Ale cuenta que empezó jugando al fútbol, a los 8 años, pero “el estirón” de los 13 lo entorpeció para ese juego. “En 2 años había crecido 16 centímetros”, señala para explicar su acelerado ascenso. La altura que entorpeció su fútbol le dio ventajas en el básquet. En Ferro, el club que lo vio crecer, el nuevo entrenador luchaba para hacerle entender que como futbolista sería un excelente basquetbolista.
Se inició a los 14 años, una edad tardía para lo habitual entre deportistas profesionales Pero desde que puso un pie en el parquet no paró de cosechar éxitos y demostró un gran talento. Ale era un excelente ala pivot y no lo sabía. “Me fue pasando todo de golpe”, recuerda “El gordo”, como lo llaman sus amigos.
Su padre fue futbolista y le enseñó a amar el deporte en general. Su madre lo protege y durante dos años no lo vio jugar “porque desde que estoy en la Liga tengo golpes duros y si ve que pasa algo, se pone nerviosa, se preocupa”.
Ale tiene el físico y el temple necesario, pero su buen desempeño también se debe al trabajo duro. “Cuando tenía 14 años, salía de la escuela y estaba casi todo el día en el club Ferro, con mi entrenador. Entrenaba con mi categoría, con una más grande y después solo. Y además hacía pesas. Estaba todo el día en el club”. La exigencia limitaba su tiempo libre. Mientras sus amigos salían a bailar los viernes, él se acostaba temprano para entrenar cada sábado a la mañana. “Al principio lo sufría” reconoce Ale. Pero más tarde comprendió que tenía la fortuna de vivir del deporte que le apasiona.
Recorrió casi todas las provincias del país. También jugó torneos internacionales y pisó suelo alemán, español, colombiano, ecuatoriano, paraguayo y chileno. Y en este momento corre por tierra brasilera donde se disputa el Sudamericano.
A España fue a los 16, acompañado de su padre, para probarse en un club. El contrato no se concretó porque su madre prefirió que se quedara cerca de la familia. El talento del jugador era grande, pero él todavía era un pibe. Un año después, la pasión se hizo trabajo y la responsabilidad mayor. En junio del año pasado se mudó a Mar del Plata donde el nivel es superior al local. En la ciudad feliz, el baloncesto es feliz. El fervoroso fanatismo de los espectadores sostiene la calidad de la competencia y ya le dio a Ale su primer auto, aunque para salir del país todavía necesita la autorización de sus padres.
Las contradicciones entre la edad y la madurez se repiten. Su novia es 4 años mayor y cuando la conoció, a los 17, le dijo que tenía 21, como ella. Pero a medida que la mentira se hacía débil, Ale reconocía un año menos cada semana. De modo que tuvo 21, 20, 19, 18 y 17 en el mismo mes. Cuando la cuenta regresiva llegó a su fin, era demasiado tarde para echarse atrás y su “estrategia”, como dice él, había funcionado.
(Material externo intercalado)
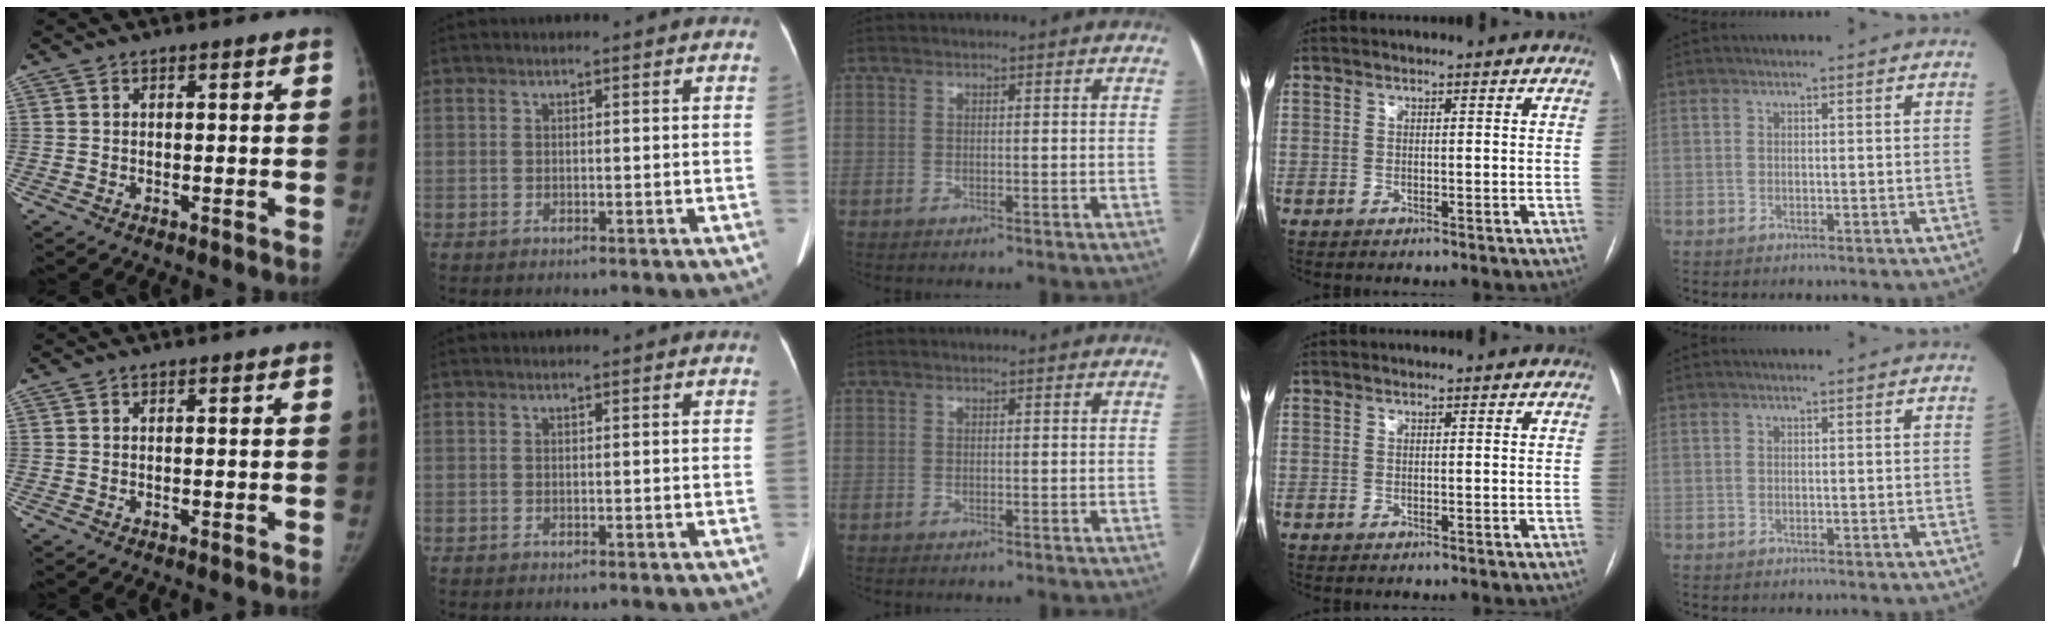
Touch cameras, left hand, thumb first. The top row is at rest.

Este año cumplió uno de sus anhelos. Alguien lo tocó por la espalda y cuando se dio vuelta, se quedó duro. Apenas atinó a darle la mano. Era Emanuel Ginóbili. “Estábamos en un restaurante y cuando lo vieron la gente se puso loca, no lo dejaban comer. Se tuvo que parar y les dijo que cuando terminara de comer iba a saludar a todos mesa por mesa. Al terminar, contó algunas anécdotas y luego se paró y pasó a saludar a todos los fanáticos, como había prometido. Eso me llamó la atención, me pareció un gran gesto”.
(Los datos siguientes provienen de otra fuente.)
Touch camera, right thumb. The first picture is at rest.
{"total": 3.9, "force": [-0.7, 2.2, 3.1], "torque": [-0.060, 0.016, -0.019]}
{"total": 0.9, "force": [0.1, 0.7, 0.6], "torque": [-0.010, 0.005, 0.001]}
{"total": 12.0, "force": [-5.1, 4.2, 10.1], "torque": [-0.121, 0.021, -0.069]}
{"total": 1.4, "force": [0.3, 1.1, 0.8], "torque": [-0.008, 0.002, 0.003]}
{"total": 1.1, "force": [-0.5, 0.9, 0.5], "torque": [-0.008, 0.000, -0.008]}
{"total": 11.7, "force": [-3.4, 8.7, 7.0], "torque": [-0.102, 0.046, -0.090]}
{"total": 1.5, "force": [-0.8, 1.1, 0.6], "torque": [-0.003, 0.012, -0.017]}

A los 20 años, Ale ya cumplió el sueño de jugar en la Liga Nacional y de conocer a “Manu”. Ahora su fantasía es llegar a la NBA, pero también desea formar una familia dentro algunos años, cuando su pasar económico esté asegurado y pueda salir del país sin autorización de sus padres.
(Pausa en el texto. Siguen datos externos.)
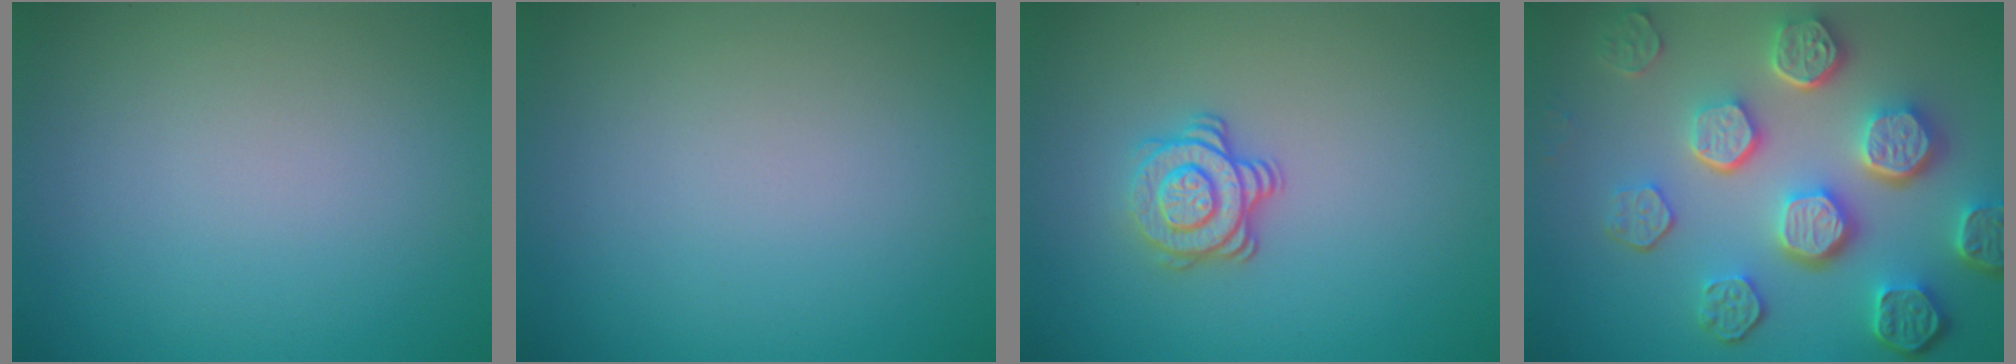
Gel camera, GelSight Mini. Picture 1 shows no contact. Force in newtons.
{"total": 0.0}
{"total": 3.1, "press": 2.5, "slide": 1.7}
{"total": 8.3, "press": 6.2, "slide": 5.5}

- Nombre: Alejandro Gabriel Diez
- Alias: “El Gordo”
- Fecha y lugar de nacimiento: 21/02/1987. Olavarría
- Edad: 20.
- Altura: 2.01
- Peso: 110 – 112.
- Puesto: Ala-Pivot
- Club actual: Peñarol (Mar del Plata). Último subcampeón de la Liga Nacional.
- Señas particulares: Ganó dos veces el Olimpo de plata. Se inició en Ferro, luego pasó a Estudiantes y hace 1 año y 5 meses se destaca en Peñarol. Participó en el último Juego de las Estrellas, en el equipo de las promesas.